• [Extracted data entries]
________________________
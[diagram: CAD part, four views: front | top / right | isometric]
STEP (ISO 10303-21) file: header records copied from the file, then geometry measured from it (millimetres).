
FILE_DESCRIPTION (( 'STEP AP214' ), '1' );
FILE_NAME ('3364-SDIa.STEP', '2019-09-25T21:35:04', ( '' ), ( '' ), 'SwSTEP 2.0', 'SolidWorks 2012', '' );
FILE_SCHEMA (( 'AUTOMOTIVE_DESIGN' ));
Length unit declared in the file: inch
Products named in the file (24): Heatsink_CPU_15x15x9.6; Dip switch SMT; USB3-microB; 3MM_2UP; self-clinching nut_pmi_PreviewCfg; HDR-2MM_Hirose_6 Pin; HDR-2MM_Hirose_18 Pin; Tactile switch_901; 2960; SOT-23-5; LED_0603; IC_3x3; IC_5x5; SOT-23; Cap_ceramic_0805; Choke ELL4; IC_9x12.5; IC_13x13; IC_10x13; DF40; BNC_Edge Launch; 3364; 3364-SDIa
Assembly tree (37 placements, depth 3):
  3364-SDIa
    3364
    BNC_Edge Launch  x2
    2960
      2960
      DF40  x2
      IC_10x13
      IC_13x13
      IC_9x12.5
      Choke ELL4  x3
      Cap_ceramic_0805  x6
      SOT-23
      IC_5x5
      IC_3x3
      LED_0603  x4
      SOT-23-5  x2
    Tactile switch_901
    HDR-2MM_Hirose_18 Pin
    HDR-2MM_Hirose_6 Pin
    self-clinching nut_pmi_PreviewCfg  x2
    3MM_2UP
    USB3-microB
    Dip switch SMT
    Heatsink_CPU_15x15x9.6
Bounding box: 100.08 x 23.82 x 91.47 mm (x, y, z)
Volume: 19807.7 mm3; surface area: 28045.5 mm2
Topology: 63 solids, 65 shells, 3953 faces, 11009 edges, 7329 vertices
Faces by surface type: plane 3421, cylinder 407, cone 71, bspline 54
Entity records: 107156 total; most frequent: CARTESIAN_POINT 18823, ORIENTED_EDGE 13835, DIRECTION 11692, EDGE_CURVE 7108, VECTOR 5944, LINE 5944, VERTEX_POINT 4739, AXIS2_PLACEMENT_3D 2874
________________________
From the data above, determine how many lines hold "clinching", and write only the number.

2